What the exercise asks:
Each record below is to be copied exactly; the pictures are to be omitted.

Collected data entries
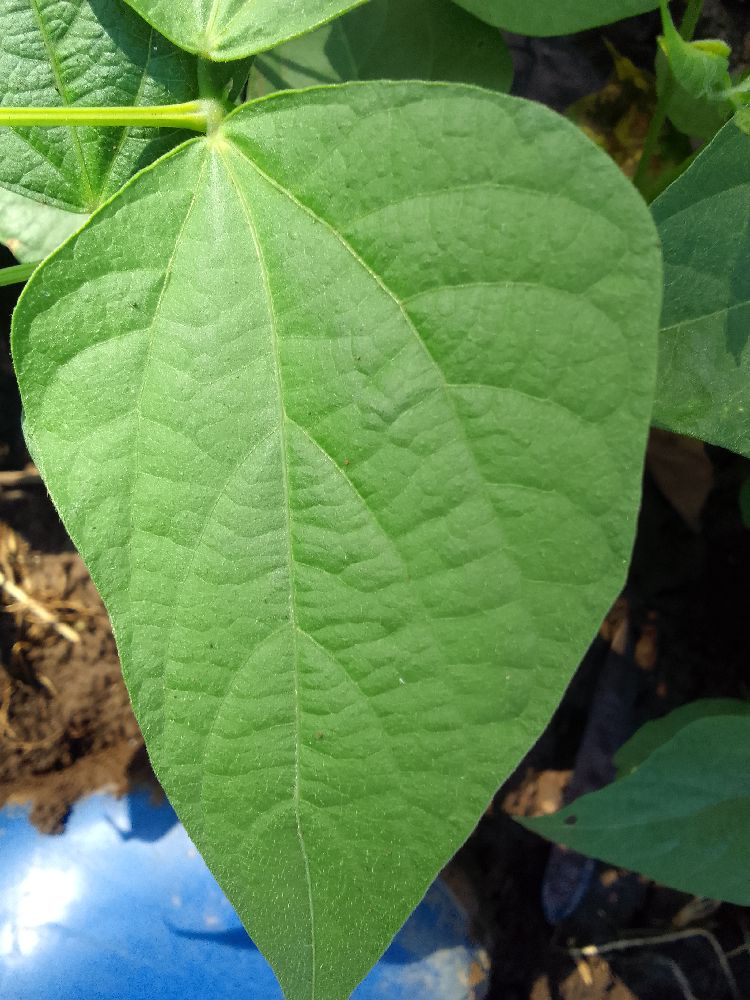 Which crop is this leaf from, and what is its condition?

common bean, healthy
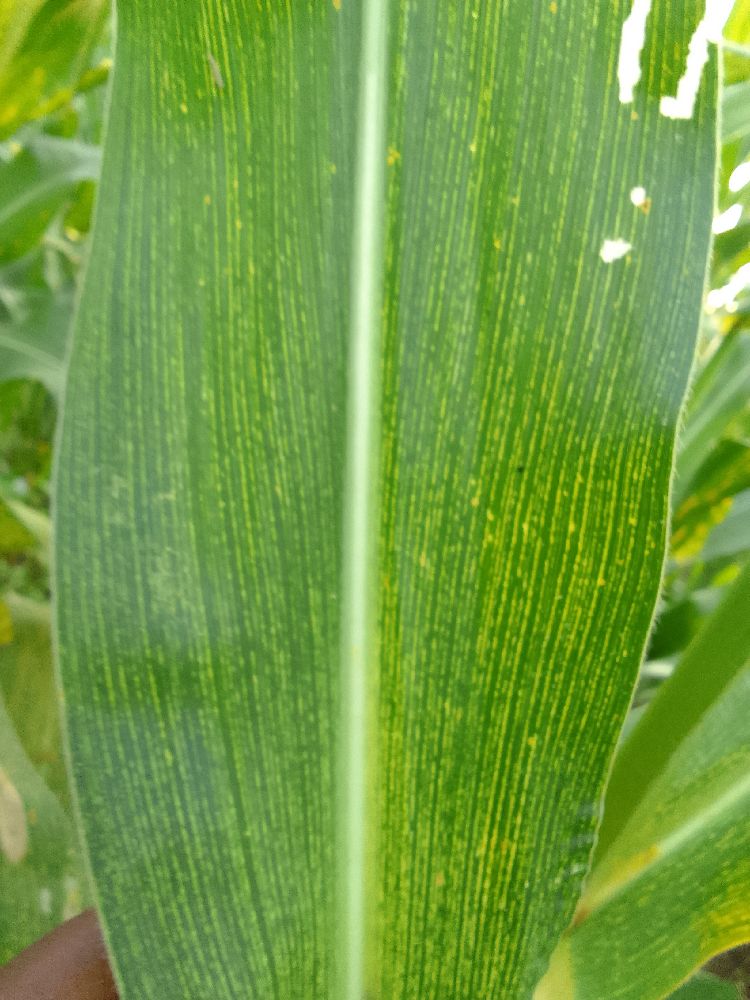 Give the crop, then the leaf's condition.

maize, maize streak virus
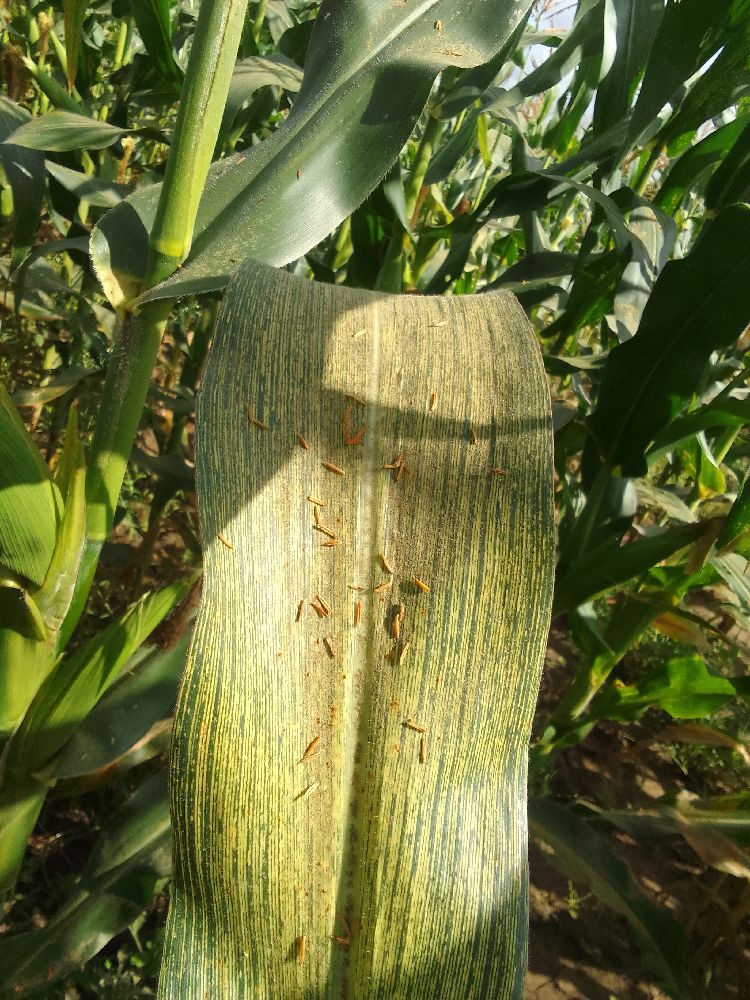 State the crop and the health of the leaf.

Solution to this exercise:
 Which crop is this leaf from, and what is its condition?

common bean, healthy
 Give the crop, then the leaf's condition.

maize, maize streak virus
 State the crop and the health of the leaf.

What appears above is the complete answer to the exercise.